Recorded information: Begin
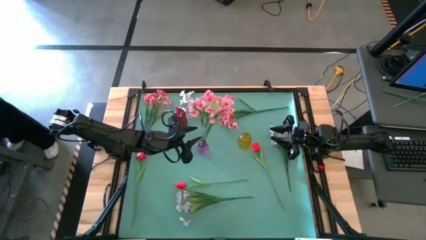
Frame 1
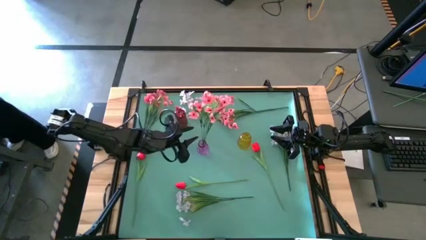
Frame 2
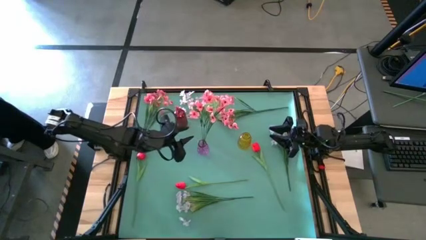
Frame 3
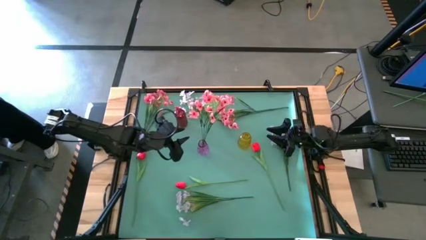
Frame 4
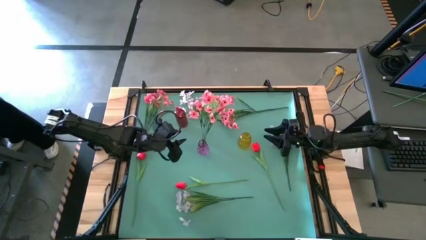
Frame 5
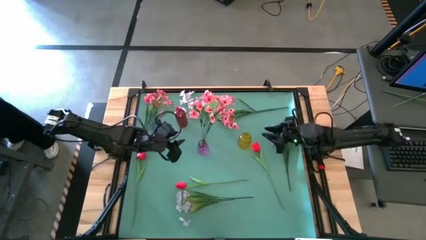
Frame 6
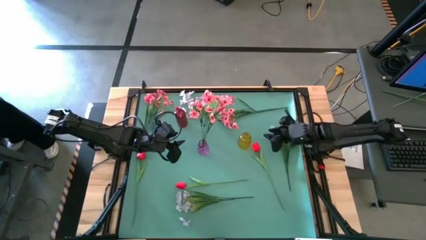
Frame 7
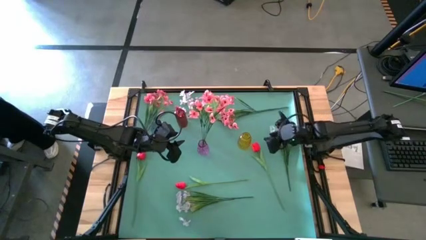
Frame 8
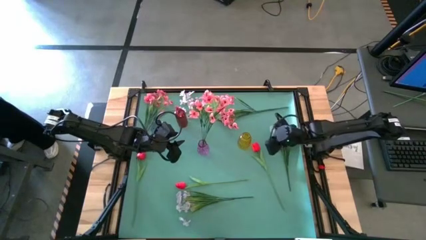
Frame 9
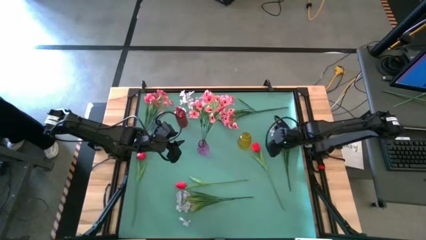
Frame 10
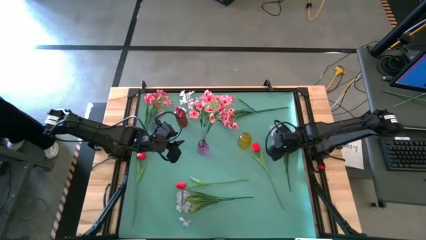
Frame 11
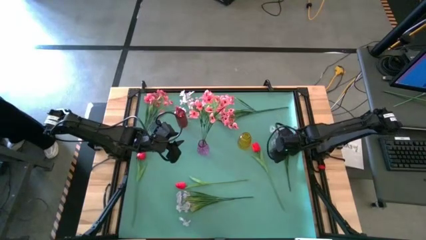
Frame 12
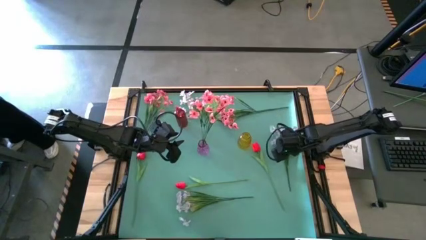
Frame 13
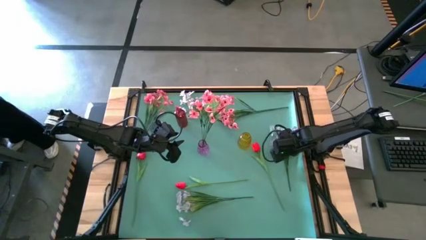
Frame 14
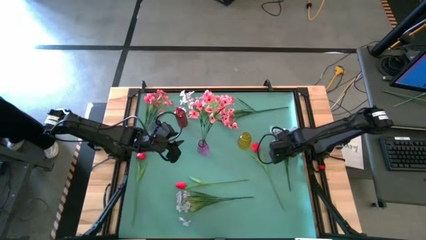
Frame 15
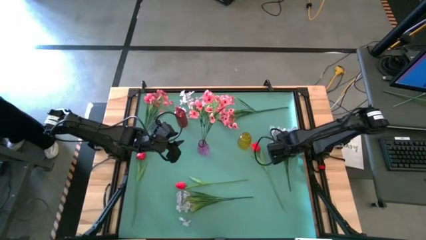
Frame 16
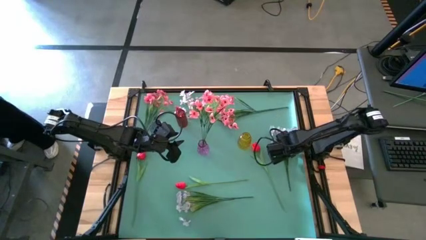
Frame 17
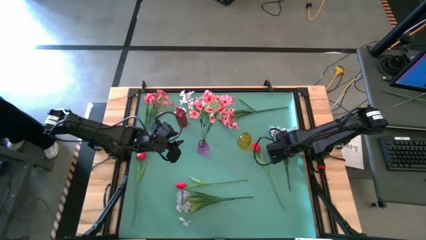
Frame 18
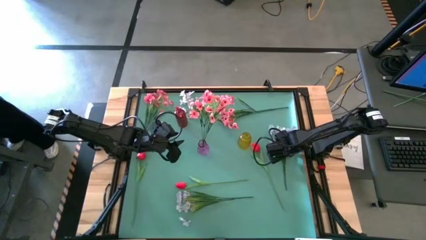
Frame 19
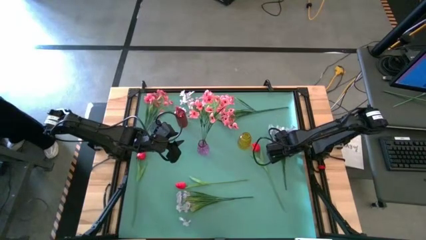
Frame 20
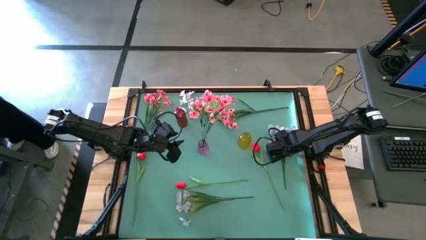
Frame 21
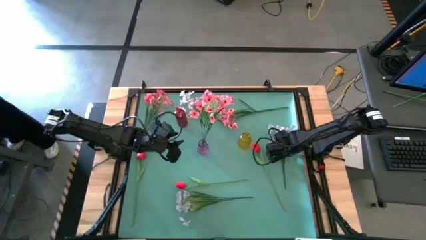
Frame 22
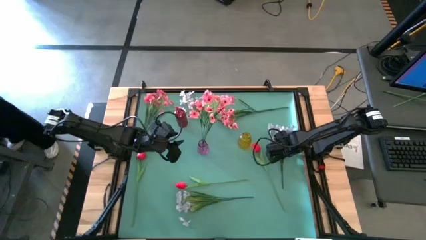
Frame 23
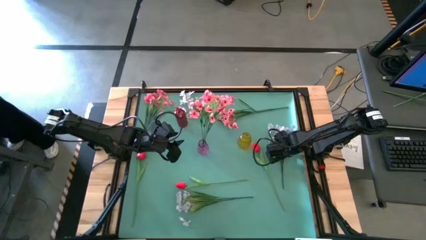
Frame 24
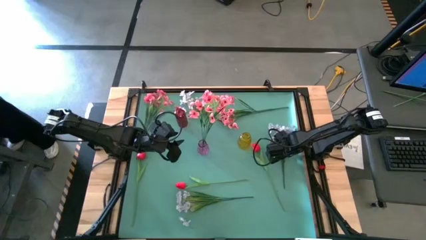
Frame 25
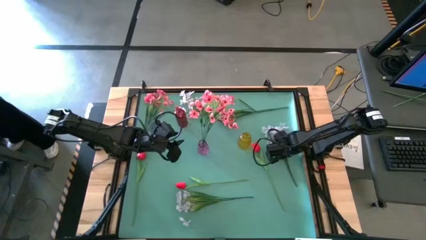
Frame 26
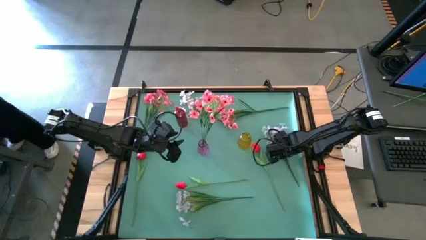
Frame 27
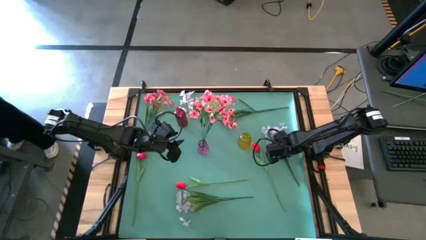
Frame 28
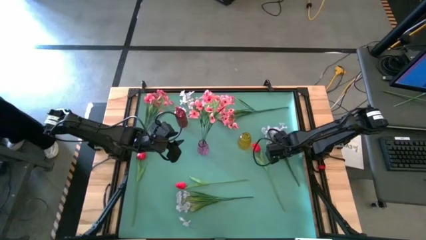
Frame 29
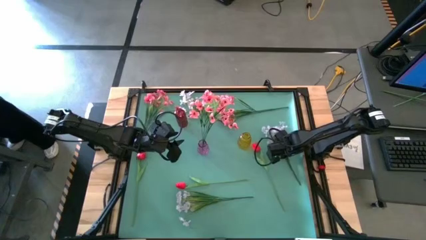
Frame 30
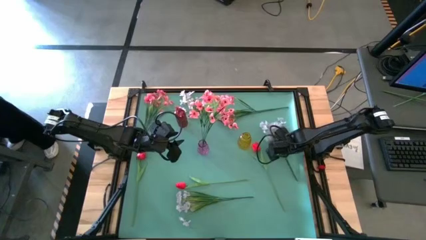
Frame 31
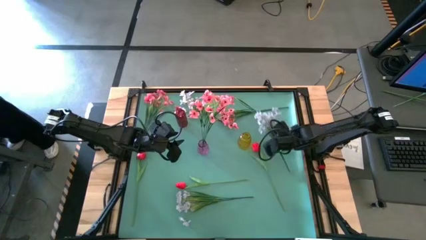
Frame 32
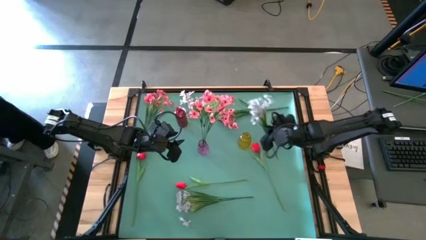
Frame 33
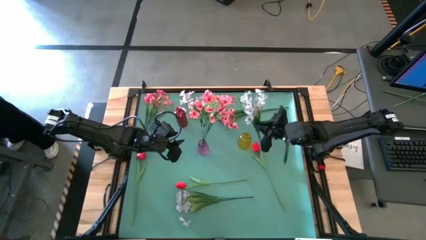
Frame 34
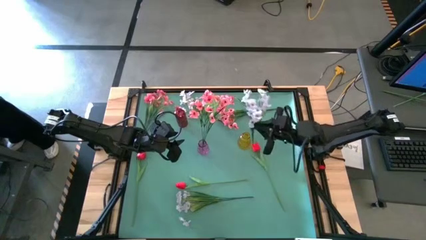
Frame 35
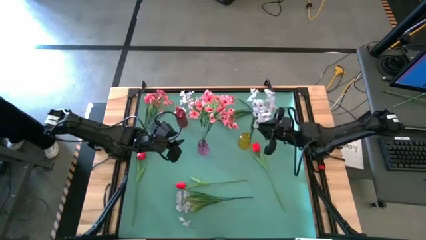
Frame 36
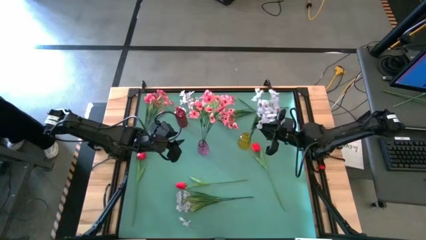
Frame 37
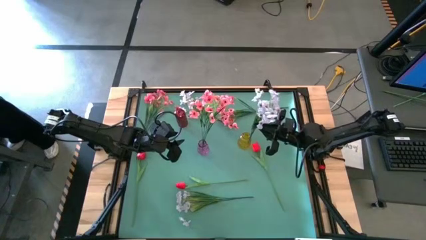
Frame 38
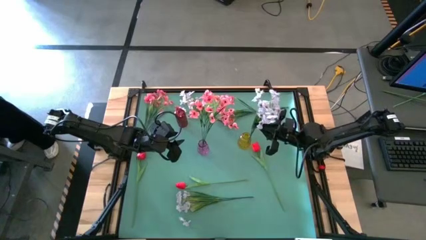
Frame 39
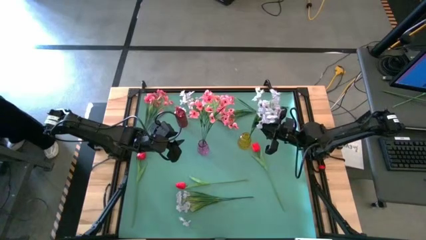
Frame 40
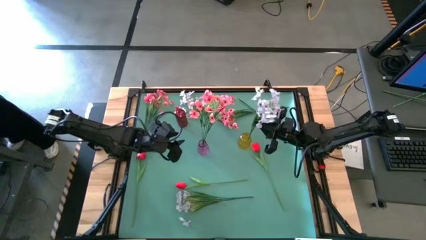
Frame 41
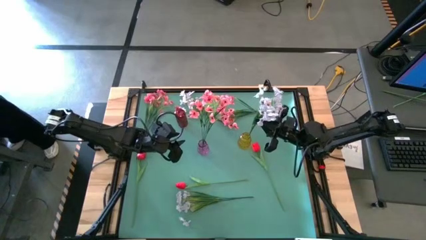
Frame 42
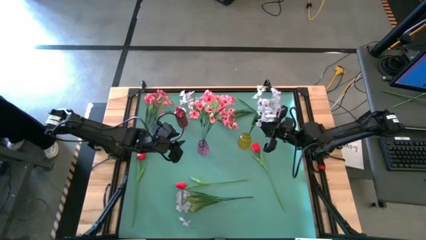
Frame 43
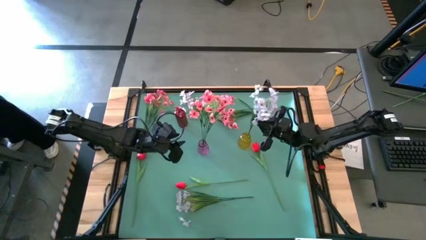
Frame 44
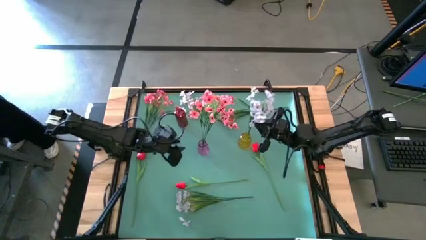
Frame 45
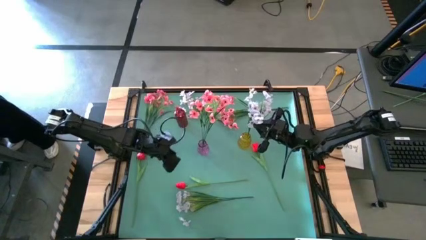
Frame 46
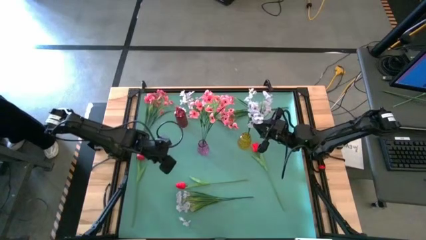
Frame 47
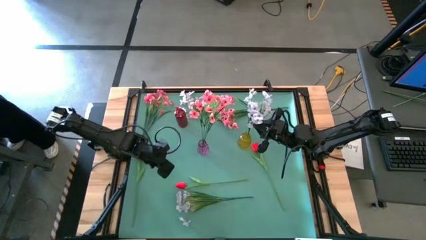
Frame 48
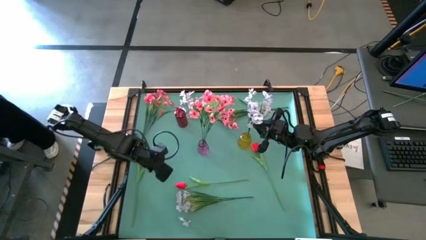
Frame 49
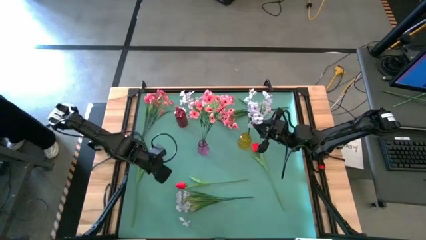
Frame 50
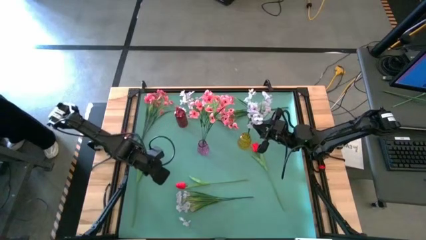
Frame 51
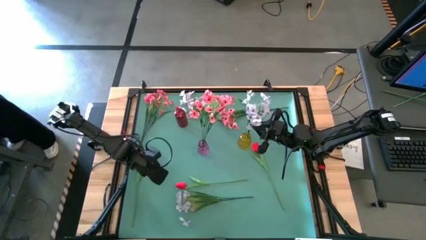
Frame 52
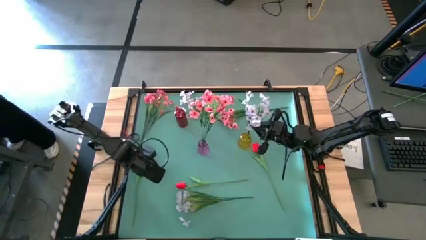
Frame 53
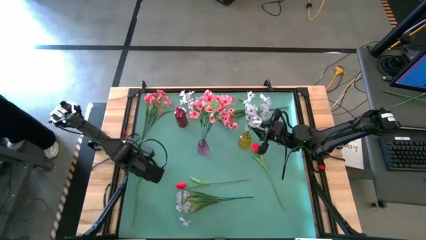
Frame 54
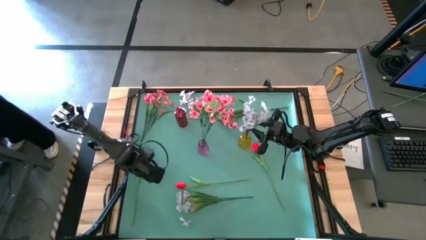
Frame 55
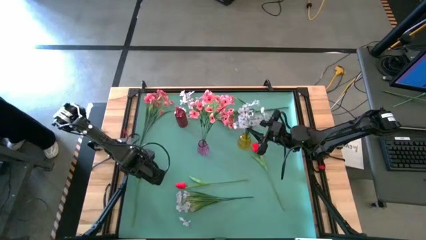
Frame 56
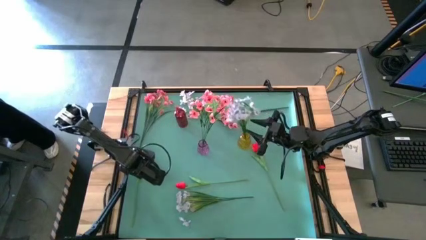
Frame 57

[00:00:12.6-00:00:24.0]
Recorded information: End
The problem: The entries above need to be transcribed word for word, and the pictures stay out.

Answer to this task:
Frame 1
Frame 2
Frame 3
Frame 4
Frame 5
Frame 6
Frame 7
Frame 8
Frame 9
Frame 10
Frame 11
Frame 12
Frame 13
Frame 14
Frame 15
Frame 16
Frame 17
Frame 18
Frame 19
Frame 20
Frame 21
Frame 22
Frame 23
Frame 24
Frame 25
Frame 26
Frame 27
Frame 28
Frame 29
Frame 30
Frame 31
Frame 32
Frame 33
Frame 34
Frame 35
Frame 36
Frame 37
Frame 38
Frame 39
Frame 40
Frame 41
Frame 42
Frame 43
Frame 44
Frame 45
Frame 46
Frame 47
Frame 48
Frame 49
Frame 50
Frame 51
Frame 52
Frame 53
Frame 54
Frame 55
Frame 56
Frame 57

[00:00:12.6-00:00:24.0]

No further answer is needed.